In fact this solution doesn’t work. This might be because the prompt is ambiguous. It returns a single row with each column storing the fields for all genes. So if we ask this: “write a python function that converts a genbank file into a pandas dataframe with a row for each feature and each qualifier in a column”. It returns the following:

This is a better try but also fails because it seems confused over how to construct the dataframe in the loop. Also append is deprecated in the Pandas library. This could be a general problem of training on sites like stackoverflow with outdated answers.

A programmer could use these functions to build a working one but it’s arguable that is easier than doing it from scratch.

What people are saying

We are probably prone to over hype the impact of this technology because it’s so startling at first glance. The truth is that this cannot currently replace an experienced programmer. As shown in this video by Conner Ardman you cannot just copy and paste code. You might spend more time trying to figure out if the answer it gives you is correct than to do it yourself. This is especially true of the challenging problems that you’d really want it to solve for you.

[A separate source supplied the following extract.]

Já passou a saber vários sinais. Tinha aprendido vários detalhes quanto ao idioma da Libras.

The comments on this video are also revealing and a sample of what people are saying:

"I think I will use this a lot, but for simple things where I don't remember the exact syntax or implementation and just need a reminder. Also, sometimes when I'm programming it can be something simple that I overlooked, and then I could just copy&paste into chatGPT and have it find it for me (which is what I used it for yesterday).."
"As much as I've played around with it, I've realized that you have to be super specific in the way you submit your request. Include everything you'd want it to do first-hand."
"After playing for hours I can safely say that the main problem with the code provided by ChatGPT is that it gives incorrect answers not all the times but "sometimes". This "sometimes" is what causes trust issues..."
"As much I love the tech behind chatGPT, it still requires somebody with enough brains to handle its output. An secondly, If you pass in new tech frameworks or something just new, it can't handle that because according to its reinforcement training, it can't really learn from new upcoming things."

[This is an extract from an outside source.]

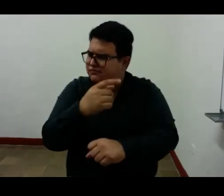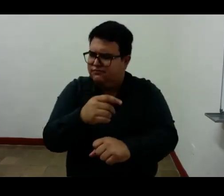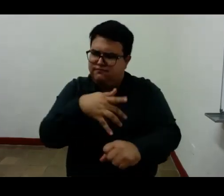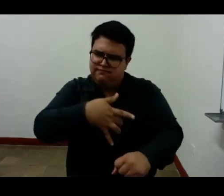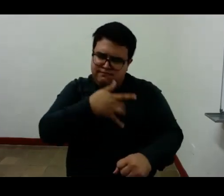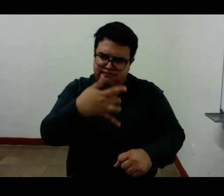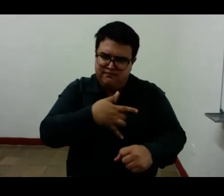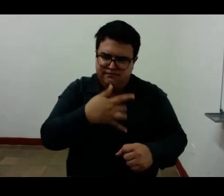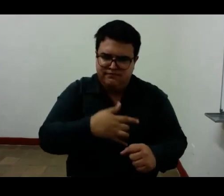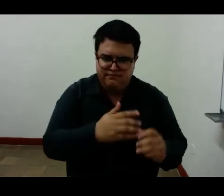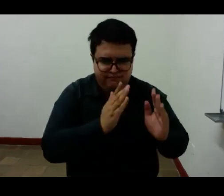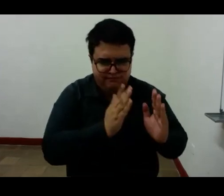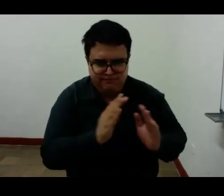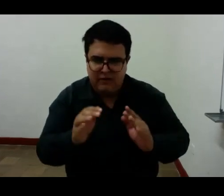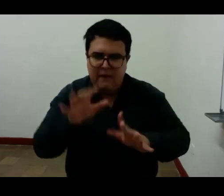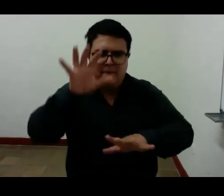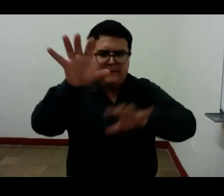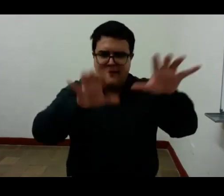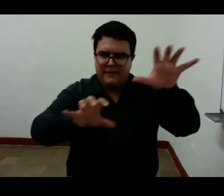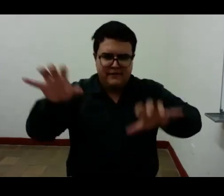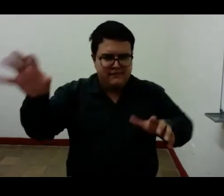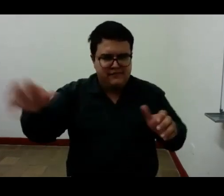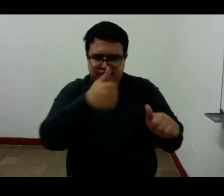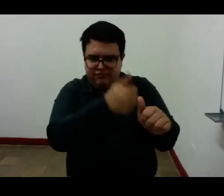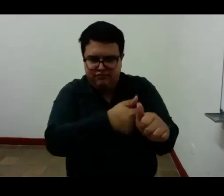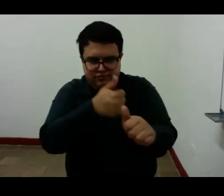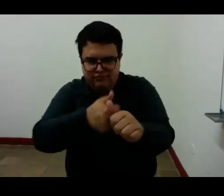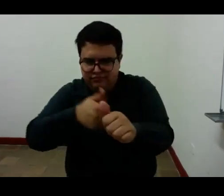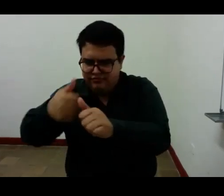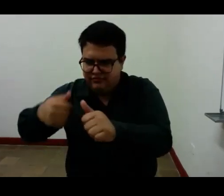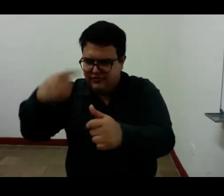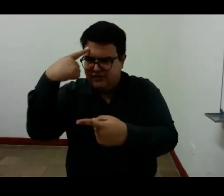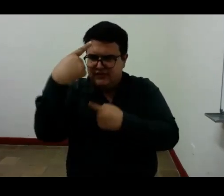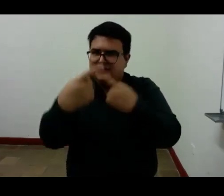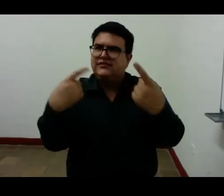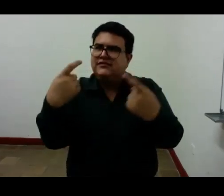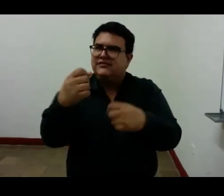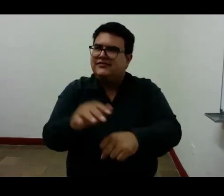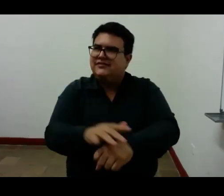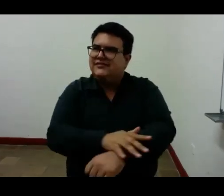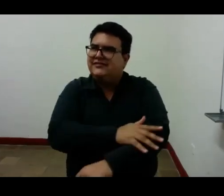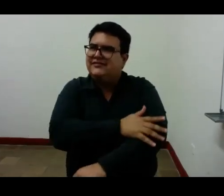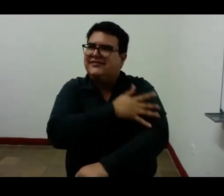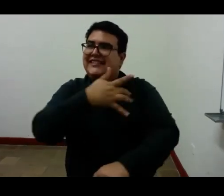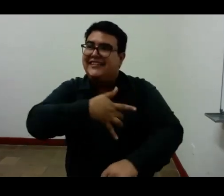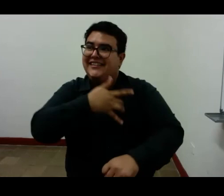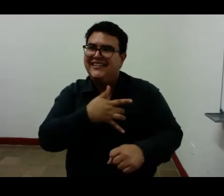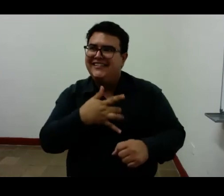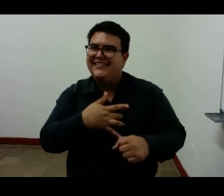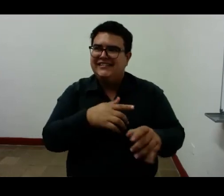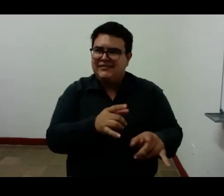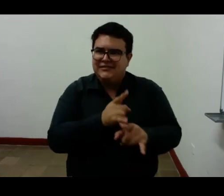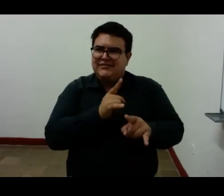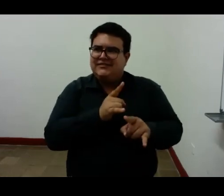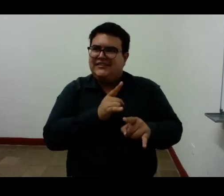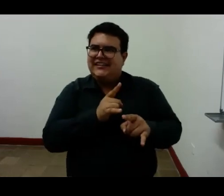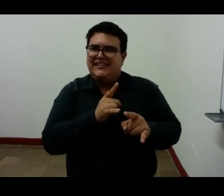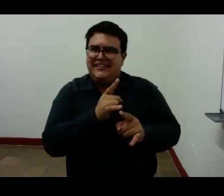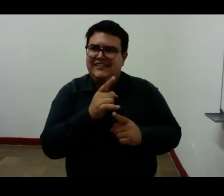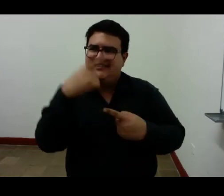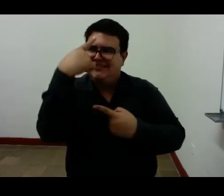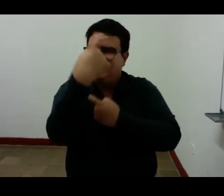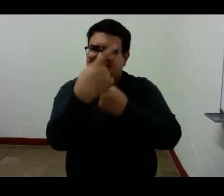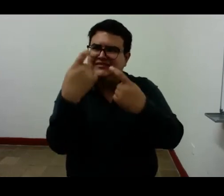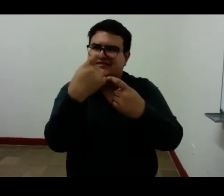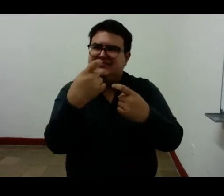uno en su país cada uno en su propio escenario interior están experimentando con las

Bionformatics type things chatGPT can help you with

Software engineers, scientists who have no coding experience are not going to be using chatGPT to solve novel or complex problems. It will help beginners but to solve real world problems you do have to know enough to ask the right questions.

Here’s the kind of things it will good for:

  • Ask it clearly defined functions with fairly simple tasks and it might produce a finished product, but you need to check it.
  • Providing a scaffold for functions very quickly which you can then bug fix, add details or augment to suit. This would take care of the work of naming variables and writing logic for example.
  • Building mundane things like regular expressions which humans don’t find it easy to construct.
  • Helping to clean or import data tables.

ChatGPT will be a great complement to learning coding. The challenge is to recognize the tasks where it can save you time. In future it will be able to do even more and maybe coders will be redundant but that won’t be for some time. Also remember that it’s free for now but probably will be monetized in the future. There will be free and open source versions though.